■ **EXERCISE OBJECTIVE**: Please repeat, exactly as written, every line from the one containing "5.4 s after image 1." through the last line of the records, both included, and leave out any pictures.

SOURCE RECORDS: Begin

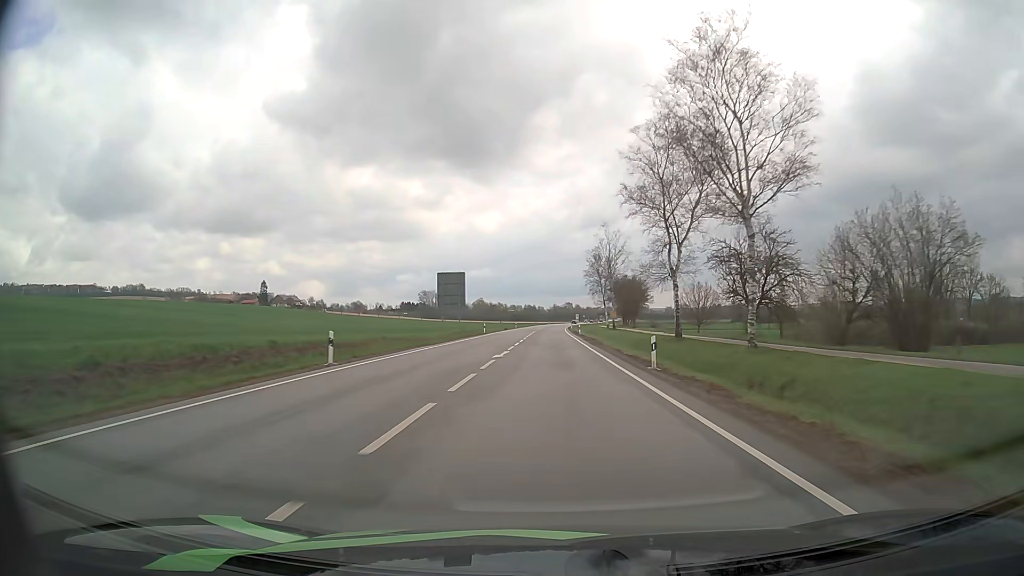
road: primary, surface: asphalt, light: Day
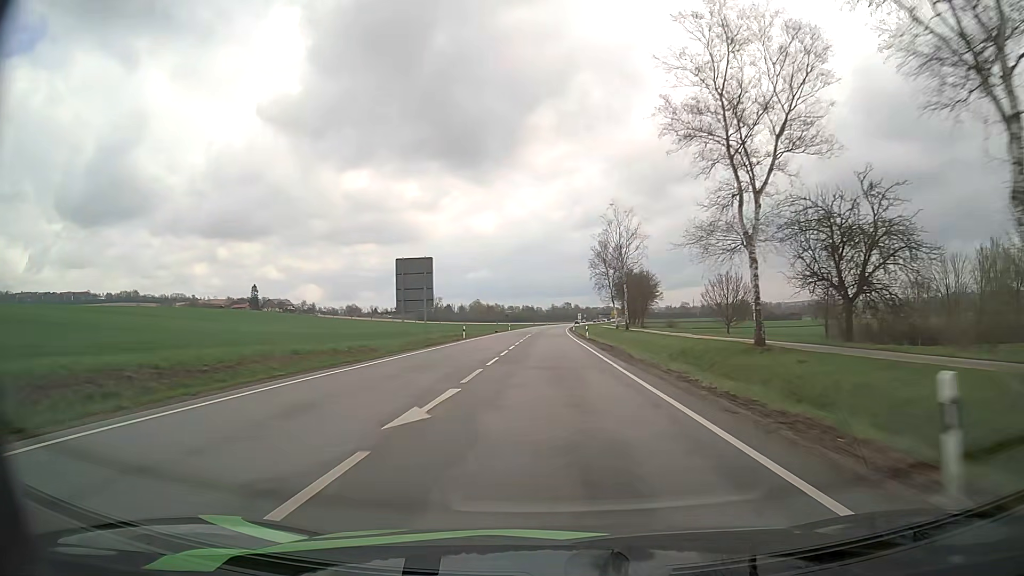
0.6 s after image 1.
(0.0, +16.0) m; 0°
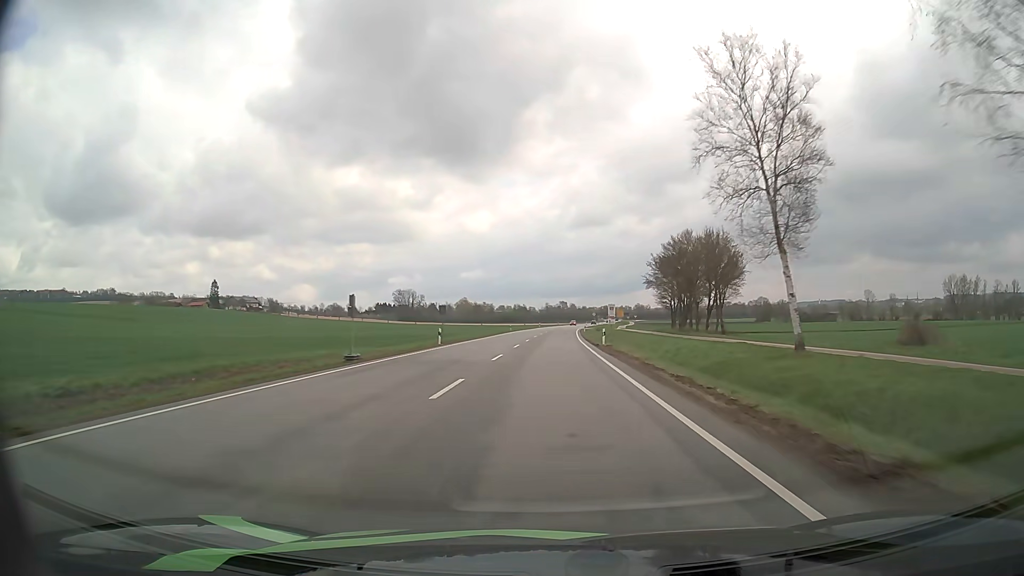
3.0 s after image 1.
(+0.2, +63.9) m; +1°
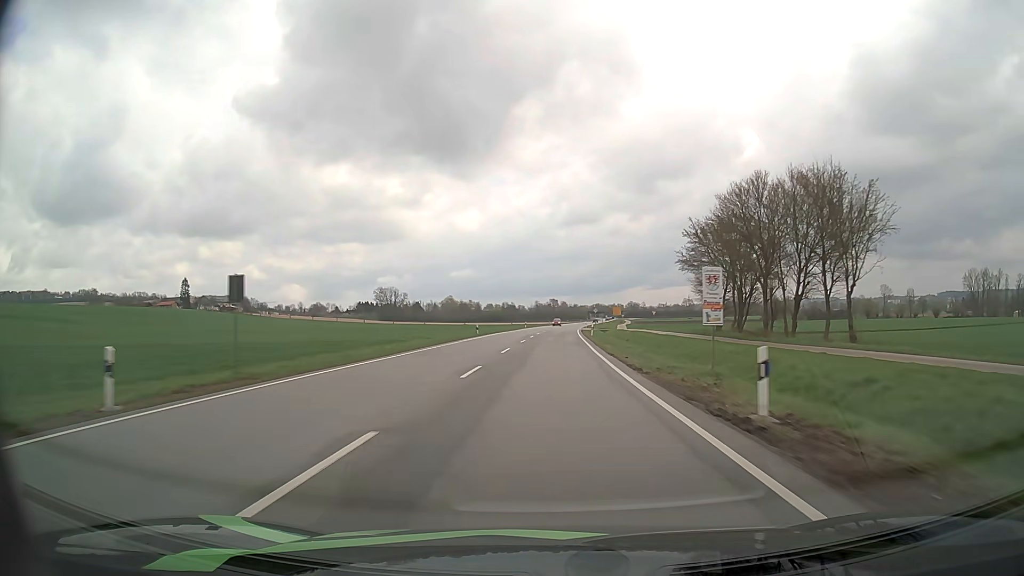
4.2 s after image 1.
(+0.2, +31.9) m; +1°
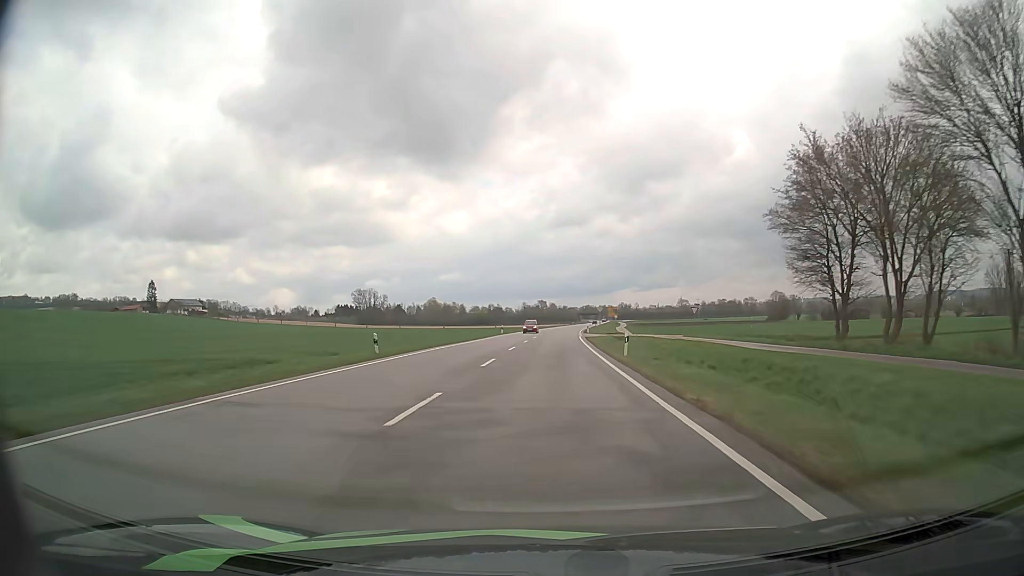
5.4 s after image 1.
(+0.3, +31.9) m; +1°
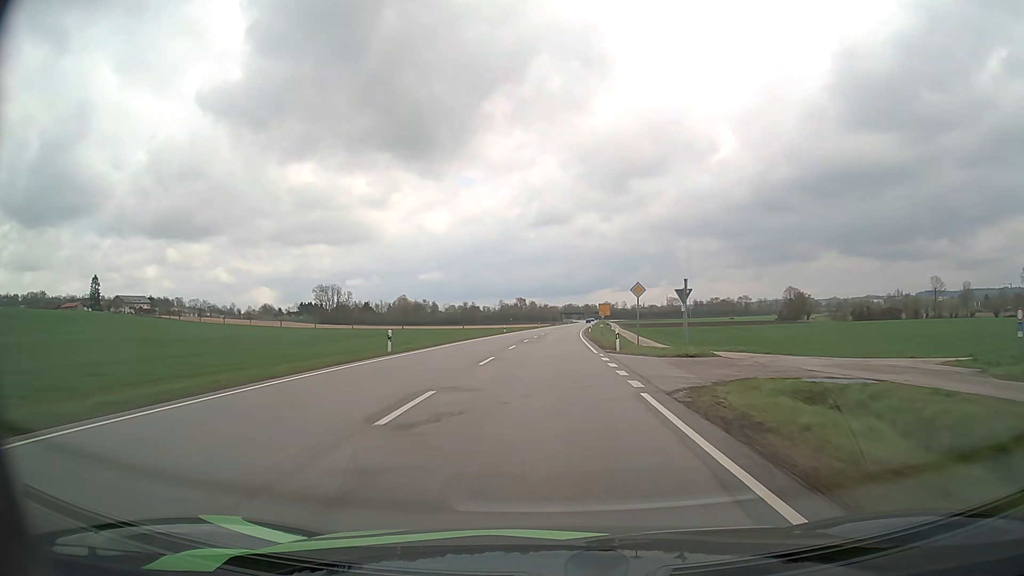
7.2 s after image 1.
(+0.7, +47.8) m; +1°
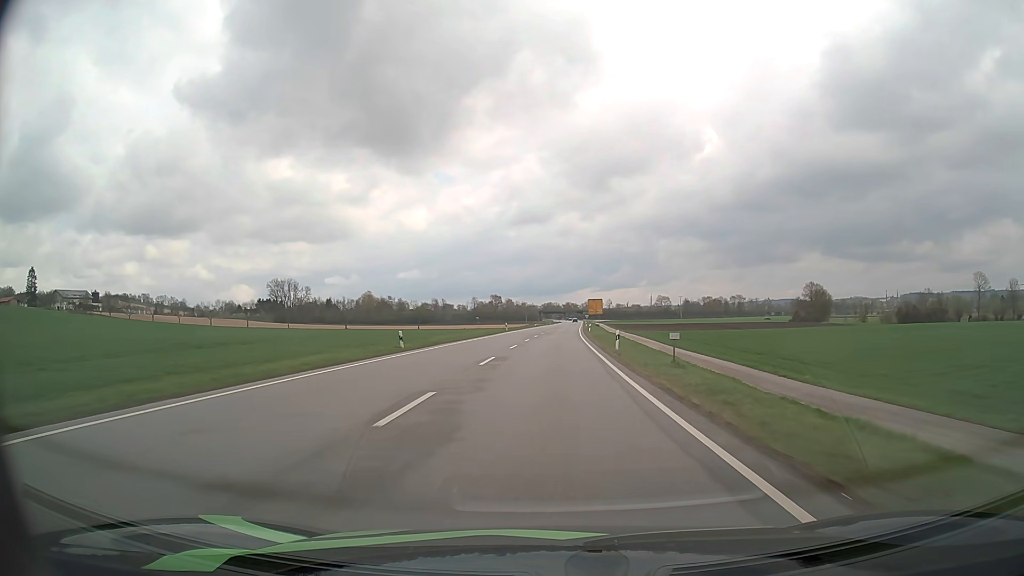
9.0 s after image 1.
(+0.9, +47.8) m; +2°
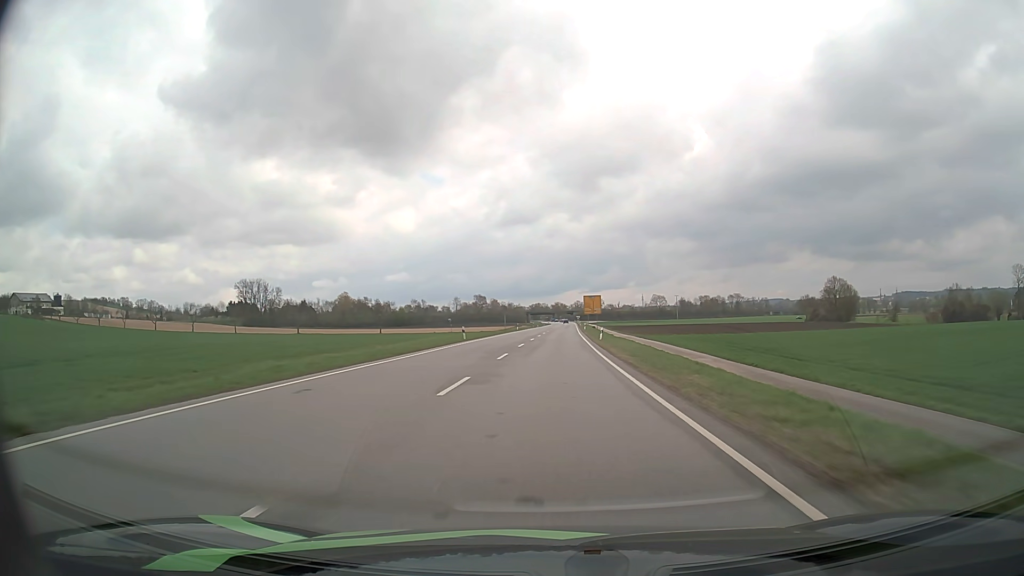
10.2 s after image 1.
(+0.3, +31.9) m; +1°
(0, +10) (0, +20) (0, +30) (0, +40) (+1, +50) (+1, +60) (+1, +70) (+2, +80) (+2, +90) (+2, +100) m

SOURCE RECORDS: End

■ **SOLUTION TO THIS PROBLEM**:
5.4 s after image 1.
(+0.3, +31.9) m; +1°
7.2 s after image 1.
(+0.7, +47.8) m; +1°
9.0 s after image 1.
(+0.9, +47.8) m; +2°
10.2 s after image 1.
(+0.3, +31.9) m; +1°
(0, +10) (0, +20) (0, +30) (0, +40) (+1, +50) (+1, +60) (+1, +70) (+2, +80) (+2, +90) (+2, +100) m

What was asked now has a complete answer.